Here and elsewhere, it looks like we can expect the Obama administration to continue to barrel down the path that has already taken us far from the country we used to be. And by next year, if a different president is in the Oval Office, expect him to lead us even further astray. With that in mind, here are five categories in the sphere of national security where 2012 is likely to prove even grimmer than 2011.
1. Ever More Punitive (Ever Less Fair-minded).

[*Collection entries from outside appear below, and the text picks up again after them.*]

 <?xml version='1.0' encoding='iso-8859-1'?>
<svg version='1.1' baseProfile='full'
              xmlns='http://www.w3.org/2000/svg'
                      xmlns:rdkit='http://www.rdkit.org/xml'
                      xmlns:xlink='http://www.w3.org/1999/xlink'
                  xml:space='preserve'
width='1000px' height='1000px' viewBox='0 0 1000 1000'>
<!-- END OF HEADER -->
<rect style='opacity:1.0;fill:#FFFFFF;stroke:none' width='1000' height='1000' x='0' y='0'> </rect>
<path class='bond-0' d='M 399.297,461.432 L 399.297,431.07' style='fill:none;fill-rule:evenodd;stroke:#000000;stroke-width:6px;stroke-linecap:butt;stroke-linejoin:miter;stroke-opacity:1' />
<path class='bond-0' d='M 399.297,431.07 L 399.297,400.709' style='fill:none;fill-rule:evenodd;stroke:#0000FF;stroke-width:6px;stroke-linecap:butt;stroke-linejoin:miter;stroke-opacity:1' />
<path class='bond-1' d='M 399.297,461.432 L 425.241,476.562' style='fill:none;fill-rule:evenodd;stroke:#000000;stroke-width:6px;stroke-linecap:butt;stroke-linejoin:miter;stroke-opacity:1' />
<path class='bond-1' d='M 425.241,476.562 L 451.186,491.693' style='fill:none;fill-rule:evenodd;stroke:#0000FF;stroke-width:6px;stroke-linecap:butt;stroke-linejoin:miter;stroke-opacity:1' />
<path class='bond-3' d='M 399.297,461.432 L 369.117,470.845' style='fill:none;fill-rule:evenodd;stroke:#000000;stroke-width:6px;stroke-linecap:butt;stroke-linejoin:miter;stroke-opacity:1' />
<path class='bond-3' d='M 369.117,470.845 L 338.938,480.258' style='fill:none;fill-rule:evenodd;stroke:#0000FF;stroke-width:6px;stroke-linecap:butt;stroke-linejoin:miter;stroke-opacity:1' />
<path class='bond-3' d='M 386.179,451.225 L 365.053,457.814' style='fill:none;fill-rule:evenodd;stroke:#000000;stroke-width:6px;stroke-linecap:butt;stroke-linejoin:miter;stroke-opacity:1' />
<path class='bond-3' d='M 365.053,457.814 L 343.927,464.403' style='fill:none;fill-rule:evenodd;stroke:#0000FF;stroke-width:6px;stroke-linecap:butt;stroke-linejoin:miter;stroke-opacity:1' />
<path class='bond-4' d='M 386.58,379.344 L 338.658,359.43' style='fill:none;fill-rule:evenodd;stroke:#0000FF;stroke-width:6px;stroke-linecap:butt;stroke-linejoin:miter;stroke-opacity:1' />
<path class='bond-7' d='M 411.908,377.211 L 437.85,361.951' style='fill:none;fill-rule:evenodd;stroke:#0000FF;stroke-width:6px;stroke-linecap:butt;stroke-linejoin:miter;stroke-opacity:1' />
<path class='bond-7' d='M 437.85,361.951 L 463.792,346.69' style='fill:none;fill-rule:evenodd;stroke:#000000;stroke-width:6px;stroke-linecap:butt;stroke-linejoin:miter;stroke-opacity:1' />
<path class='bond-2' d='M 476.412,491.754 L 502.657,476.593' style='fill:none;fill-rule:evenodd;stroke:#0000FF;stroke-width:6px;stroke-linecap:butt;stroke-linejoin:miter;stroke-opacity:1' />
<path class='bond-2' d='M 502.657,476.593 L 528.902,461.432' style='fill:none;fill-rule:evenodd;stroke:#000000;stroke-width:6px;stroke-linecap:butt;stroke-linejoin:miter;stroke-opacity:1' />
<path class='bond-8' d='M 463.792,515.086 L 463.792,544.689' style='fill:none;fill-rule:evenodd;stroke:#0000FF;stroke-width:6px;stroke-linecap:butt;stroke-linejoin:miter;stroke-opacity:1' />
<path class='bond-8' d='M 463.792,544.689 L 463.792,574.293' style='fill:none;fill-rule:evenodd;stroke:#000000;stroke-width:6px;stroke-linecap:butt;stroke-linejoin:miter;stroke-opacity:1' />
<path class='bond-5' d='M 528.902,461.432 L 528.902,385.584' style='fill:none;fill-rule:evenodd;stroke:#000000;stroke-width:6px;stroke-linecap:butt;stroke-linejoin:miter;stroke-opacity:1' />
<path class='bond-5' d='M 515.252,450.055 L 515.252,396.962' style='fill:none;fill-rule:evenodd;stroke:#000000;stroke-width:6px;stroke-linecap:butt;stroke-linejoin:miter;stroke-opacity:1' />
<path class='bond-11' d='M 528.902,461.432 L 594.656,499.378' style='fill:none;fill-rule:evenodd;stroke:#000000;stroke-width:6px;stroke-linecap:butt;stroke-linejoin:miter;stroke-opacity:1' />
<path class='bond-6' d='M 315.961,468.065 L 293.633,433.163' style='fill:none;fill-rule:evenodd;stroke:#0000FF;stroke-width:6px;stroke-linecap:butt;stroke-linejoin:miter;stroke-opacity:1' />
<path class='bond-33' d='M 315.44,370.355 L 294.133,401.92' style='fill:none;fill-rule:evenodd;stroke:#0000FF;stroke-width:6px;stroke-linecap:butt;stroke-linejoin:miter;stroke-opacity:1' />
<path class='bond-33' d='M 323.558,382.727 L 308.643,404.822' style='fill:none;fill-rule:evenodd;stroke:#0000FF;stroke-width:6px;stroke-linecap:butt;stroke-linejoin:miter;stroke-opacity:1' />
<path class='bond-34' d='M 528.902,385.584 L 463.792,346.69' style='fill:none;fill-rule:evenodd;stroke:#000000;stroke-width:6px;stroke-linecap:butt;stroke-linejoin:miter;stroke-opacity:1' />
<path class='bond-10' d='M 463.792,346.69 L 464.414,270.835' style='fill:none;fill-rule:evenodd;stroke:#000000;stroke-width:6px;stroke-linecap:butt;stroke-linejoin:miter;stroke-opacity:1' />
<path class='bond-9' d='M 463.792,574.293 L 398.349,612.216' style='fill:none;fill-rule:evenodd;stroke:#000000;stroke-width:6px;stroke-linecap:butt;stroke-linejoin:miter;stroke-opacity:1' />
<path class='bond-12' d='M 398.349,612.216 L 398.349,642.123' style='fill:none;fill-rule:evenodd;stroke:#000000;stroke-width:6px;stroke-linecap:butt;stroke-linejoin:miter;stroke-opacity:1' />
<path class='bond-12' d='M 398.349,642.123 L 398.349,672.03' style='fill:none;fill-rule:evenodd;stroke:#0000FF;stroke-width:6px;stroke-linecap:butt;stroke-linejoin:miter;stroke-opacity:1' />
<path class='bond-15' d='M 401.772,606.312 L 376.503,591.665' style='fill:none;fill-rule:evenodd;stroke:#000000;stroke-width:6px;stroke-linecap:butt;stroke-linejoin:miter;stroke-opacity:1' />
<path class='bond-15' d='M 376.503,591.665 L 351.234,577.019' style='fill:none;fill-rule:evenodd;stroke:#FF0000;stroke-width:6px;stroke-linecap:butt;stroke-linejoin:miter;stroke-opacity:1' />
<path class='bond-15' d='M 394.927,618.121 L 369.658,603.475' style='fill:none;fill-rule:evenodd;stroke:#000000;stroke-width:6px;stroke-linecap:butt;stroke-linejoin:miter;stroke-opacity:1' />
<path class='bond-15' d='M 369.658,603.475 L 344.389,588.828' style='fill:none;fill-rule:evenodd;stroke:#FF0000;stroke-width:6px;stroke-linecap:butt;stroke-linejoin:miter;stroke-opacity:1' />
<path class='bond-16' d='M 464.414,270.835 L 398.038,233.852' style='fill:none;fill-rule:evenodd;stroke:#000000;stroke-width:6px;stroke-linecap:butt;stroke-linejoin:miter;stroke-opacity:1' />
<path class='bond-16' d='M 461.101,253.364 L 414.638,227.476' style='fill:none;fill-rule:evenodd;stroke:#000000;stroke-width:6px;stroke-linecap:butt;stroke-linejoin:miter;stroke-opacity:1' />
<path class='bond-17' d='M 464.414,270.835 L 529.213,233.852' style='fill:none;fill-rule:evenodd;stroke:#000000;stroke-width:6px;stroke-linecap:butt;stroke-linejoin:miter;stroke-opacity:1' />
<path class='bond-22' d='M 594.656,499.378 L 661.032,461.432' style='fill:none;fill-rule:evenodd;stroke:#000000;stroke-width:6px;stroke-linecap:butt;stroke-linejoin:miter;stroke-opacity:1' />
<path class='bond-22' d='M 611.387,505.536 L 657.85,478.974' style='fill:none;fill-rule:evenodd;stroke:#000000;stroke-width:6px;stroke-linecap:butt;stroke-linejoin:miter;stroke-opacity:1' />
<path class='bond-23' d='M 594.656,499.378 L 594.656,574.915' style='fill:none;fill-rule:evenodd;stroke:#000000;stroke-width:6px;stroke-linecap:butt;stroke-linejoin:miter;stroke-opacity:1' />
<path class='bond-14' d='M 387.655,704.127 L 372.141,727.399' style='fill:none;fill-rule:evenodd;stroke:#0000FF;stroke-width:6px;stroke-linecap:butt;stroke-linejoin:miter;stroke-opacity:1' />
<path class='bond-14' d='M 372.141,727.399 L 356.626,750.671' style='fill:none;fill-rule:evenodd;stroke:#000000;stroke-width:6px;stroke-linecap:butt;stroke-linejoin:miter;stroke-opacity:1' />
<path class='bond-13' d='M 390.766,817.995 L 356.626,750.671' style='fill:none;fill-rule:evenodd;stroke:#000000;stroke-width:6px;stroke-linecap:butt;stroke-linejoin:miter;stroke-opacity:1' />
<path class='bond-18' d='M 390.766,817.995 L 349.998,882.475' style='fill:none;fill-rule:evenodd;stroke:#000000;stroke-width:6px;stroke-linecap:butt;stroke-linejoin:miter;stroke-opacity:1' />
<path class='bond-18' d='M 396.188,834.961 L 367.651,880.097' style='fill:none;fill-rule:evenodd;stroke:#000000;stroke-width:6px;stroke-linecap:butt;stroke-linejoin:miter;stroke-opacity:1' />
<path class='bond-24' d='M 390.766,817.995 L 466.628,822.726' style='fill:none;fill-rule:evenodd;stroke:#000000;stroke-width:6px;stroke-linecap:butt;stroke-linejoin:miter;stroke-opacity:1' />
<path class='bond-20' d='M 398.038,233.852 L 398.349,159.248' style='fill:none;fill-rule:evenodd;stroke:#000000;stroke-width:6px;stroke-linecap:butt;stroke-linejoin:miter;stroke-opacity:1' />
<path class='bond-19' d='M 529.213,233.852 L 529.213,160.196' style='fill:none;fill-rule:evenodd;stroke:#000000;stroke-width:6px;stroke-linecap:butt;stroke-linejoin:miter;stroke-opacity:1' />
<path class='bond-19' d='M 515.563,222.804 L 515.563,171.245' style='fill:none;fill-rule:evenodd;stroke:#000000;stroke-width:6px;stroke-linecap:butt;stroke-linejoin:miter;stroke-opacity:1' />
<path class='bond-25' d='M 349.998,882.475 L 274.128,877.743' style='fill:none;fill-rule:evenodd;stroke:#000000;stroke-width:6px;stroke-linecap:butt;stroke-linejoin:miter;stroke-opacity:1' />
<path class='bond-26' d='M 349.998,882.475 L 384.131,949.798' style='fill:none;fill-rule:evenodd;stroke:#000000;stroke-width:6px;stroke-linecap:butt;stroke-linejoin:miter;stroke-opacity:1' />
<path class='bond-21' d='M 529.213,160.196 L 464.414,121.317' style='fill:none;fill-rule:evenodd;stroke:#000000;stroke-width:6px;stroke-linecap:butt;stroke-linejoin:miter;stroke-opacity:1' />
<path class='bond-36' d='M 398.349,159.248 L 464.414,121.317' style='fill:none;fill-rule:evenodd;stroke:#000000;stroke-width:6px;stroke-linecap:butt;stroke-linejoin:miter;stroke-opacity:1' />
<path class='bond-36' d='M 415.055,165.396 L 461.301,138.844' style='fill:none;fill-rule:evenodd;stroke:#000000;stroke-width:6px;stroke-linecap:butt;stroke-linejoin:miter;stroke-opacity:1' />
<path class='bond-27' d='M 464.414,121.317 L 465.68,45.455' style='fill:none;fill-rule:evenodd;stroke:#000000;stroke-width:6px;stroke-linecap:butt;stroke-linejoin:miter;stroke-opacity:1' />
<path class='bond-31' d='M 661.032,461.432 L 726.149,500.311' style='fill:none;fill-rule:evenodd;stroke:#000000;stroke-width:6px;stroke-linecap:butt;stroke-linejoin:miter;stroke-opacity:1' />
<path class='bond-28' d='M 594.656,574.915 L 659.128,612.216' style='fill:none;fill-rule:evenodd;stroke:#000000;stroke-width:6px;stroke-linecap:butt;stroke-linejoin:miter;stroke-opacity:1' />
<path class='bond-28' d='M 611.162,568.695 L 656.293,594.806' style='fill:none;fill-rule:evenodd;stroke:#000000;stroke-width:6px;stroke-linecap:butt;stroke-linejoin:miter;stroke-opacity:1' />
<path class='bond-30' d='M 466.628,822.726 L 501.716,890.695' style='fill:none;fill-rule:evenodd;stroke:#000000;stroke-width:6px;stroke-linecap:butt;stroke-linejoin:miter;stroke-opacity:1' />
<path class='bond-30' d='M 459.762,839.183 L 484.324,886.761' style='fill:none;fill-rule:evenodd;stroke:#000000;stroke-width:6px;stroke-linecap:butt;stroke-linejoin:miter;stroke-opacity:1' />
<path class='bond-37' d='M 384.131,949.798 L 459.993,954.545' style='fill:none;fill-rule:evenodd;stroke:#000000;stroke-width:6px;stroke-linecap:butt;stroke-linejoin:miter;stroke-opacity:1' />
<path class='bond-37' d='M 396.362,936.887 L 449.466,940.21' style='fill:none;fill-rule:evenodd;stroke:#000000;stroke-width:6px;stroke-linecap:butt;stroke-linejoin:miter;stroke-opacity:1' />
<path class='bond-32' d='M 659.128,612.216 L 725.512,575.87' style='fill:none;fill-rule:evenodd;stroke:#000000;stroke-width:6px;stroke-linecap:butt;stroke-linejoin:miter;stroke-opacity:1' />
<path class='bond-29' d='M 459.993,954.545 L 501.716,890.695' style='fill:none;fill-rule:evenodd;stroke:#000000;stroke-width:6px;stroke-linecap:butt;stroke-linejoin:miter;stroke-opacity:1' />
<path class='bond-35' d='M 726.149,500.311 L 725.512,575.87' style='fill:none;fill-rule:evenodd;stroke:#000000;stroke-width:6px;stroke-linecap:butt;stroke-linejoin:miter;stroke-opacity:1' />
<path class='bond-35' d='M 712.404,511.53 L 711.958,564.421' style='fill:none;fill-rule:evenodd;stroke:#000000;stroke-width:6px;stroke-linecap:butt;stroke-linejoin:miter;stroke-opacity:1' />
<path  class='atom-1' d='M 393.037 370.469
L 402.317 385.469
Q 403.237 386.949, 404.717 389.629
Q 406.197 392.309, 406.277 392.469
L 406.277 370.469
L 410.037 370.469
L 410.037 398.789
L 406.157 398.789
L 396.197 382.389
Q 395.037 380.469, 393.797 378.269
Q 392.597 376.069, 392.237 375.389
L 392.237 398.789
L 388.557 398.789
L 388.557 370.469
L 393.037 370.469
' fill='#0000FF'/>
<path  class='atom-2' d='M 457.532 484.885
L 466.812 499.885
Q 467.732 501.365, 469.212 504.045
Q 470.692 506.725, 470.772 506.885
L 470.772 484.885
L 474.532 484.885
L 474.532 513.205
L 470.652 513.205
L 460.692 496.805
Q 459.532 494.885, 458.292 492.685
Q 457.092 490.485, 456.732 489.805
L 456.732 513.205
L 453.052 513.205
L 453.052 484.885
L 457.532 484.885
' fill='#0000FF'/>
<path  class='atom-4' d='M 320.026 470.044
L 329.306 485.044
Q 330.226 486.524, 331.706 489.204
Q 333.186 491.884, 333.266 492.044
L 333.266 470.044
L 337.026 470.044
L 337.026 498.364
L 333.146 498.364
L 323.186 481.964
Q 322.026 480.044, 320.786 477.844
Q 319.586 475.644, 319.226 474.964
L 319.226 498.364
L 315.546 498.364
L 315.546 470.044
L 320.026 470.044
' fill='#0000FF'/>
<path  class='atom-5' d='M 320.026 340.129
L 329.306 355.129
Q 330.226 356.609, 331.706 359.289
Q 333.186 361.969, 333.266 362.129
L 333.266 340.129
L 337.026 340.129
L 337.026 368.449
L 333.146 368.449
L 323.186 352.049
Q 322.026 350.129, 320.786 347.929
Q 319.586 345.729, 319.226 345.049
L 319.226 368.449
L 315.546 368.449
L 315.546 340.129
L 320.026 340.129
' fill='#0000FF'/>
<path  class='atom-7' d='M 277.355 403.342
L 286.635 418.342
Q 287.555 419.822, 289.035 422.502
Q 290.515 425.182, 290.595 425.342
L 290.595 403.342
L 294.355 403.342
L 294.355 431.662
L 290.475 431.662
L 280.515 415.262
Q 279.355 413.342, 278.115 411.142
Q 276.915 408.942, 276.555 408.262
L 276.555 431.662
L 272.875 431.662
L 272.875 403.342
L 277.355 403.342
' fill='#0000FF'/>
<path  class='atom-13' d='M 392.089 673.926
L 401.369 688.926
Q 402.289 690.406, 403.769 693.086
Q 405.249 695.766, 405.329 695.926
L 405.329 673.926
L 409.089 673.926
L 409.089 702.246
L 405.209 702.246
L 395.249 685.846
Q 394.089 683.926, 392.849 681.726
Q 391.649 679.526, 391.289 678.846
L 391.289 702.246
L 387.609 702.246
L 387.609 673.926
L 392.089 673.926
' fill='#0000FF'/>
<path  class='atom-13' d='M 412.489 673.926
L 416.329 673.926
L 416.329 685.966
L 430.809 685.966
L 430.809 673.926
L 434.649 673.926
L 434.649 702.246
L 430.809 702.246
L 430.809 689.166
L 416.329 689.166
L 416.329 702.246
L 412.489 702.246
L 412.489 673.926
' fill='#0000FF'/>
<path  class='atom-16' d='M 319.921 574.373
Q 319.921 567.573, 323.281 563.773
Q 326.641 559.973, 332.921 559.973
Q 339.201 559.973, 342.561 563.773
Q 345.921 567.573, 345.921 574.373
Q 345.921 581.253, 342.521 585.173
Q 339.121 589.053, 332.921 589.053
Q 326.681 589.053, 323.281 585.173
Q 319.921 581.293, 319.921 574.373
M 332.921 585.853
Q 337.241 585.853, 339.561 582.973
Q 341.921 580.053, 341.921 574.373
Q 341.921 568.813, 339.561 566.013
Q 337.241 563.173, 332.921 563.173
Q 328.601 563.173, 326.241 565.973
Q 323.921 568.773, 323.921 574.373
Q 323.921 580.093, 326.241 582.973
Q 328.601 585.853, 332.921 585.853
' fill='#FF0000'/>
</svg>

Those who imagine the era of overreach in the name of national security coming to an end any time soon would do well to remember that some spectacular national security trials are on the horizon -- and that we may be entering a new age of governmental vindictiveness. Among the most newsworthy of those trials: the military commissions at Guantanamo that will bring to the docket Khalid Sheikh Mohammed, the alleged mastermind of the 9/11 attack, and his co-conspirators, as well as Abd al-Rahim al-Nashiri, the alleged point person in the 2000 suicide attack on the U.S.S. Cole in the port of Aden. These will likely include capital charges and be prosecuted in a spirit of vengeance.
But that spirit won't stop with al-Qaeda ringleaders and operatives. A series of cases not involving attacks on or the killing of Americans will also be argued in the name of national security and in a similar spirit of vengeance. To begin with, there is the upcoming court martial of Pfc. Bradley Manning, accused of downloading classified U.S. government documents and leaking them to the website WikiLeaks. And then, of course, there is the potential prosecution of WikiLeaks founder Julian Assange in federal court -- a federal grand jury is now considering his indictment -- for his alleged collaboration with Manning.
Both cases have been hailed with a righteous anger that might strike an outsider as akin to frothing at the mouth. Top officials have insisted that the WikiLeaks materials threatened American lives and left "blood" on the hands of both Assange and Manning (though no one has yet pointed to a single individual physically harmed by the release of those documents).
At the more bloodthirsty end of the American political spectrum, former Arkansas governor and presidential candidate Mike Huckabee and Congressman Mike Rogers (R-MI), among others, have called for Manning's execution. As Rogers explained, "I argue the death penalty clearly should be considered here" [Manning] clearly aided the enemy to what may result in the death of U.S. soldiers or those cooperating. If that is not a capital offense, I don't know what is."